Another question is about the parallel CRC, if the datawidth is 8, data_in(0) is msb or lsb?
Thanks a lot!
Hi,
(1) The reason CRC LFSR is usually initialized with ‘1’s is to prevent the situation when all-zero data, or a long stream of leading zeros will cause the LFSR value not to change (we do want it to change for every data bit).
(2) The bit order is implementation-specific. But it’s not important in general implementation as soon as CRC generator on the tx side and CRC checker on the rx side follow the same order.
Hope that helps,
Evgeni
hi,
i am working on programmable crc i.e. so that i can change crc_key every time
in short i want to provide input data ,crc_key as input and want computed crc at output
i wrote a code but its sort of recursive involving XOR operation with key on data and shifting
do you have any idea how can i increase parallelism it further
Hi,
For small enough CRCs you can use a look-up table approach to make it programmable.

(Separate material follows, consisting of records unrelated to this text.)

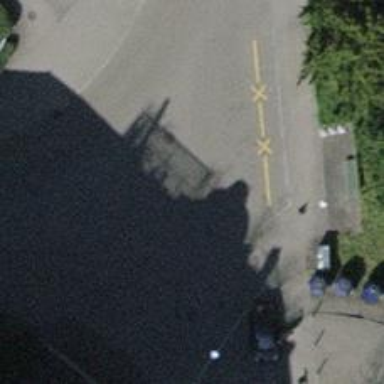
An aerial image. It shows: Traffic calming table.
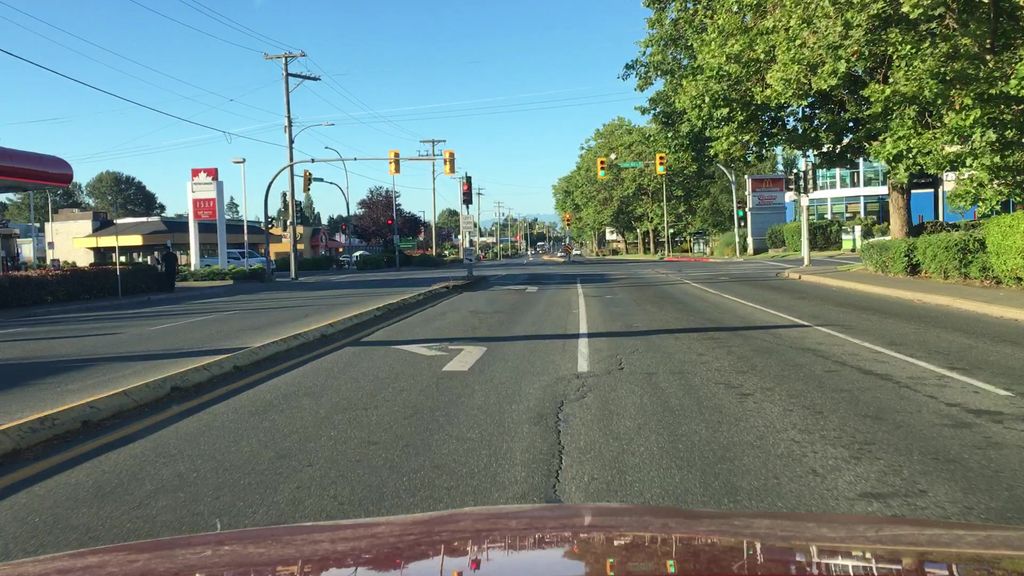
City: victoria
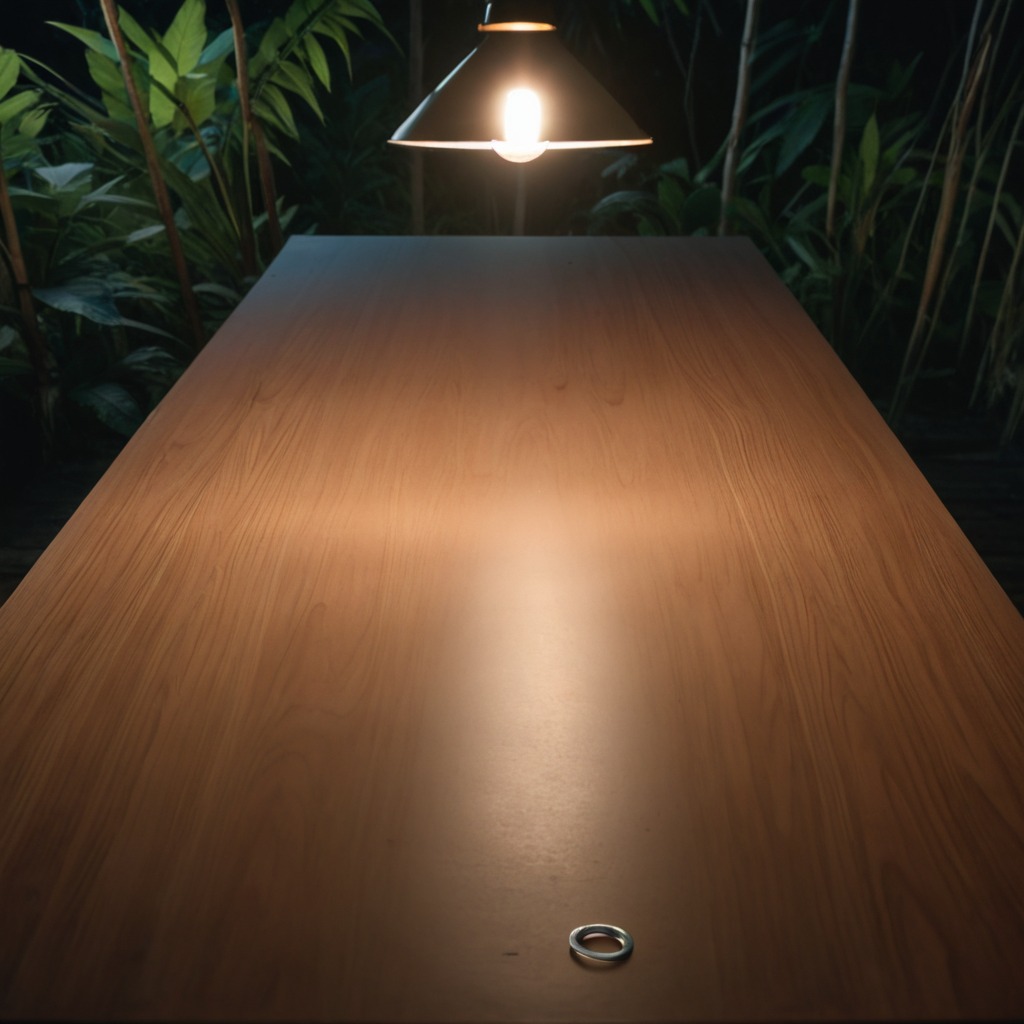
A flat metal washer is lying on a wooden table inside a jungle field workshop tent at night.

But this will not scale well for larger CRCs.
Evgeni
but in look up table based aproach we need to create look up table at run time when ever key changes that consumes some time ,comparing that with the total computation time this aproach will deliver the same performance
Hi,
I was doing a project regarding this.Since we are taking data of width 8 every time,So 2^8=256 combinations.As for Crc generation we have to append n zeroes to the data width and divide it by divisor polynomial of n+1 bits.So once we calculate manually the 256 remainders and store in a look up table and everytime for certain data combination,remainder particular to that can be the output crc.Can this technique work faster?
Hi,
Which part of the technique do you want to work faster?
The one with storing all remainders in lookup table.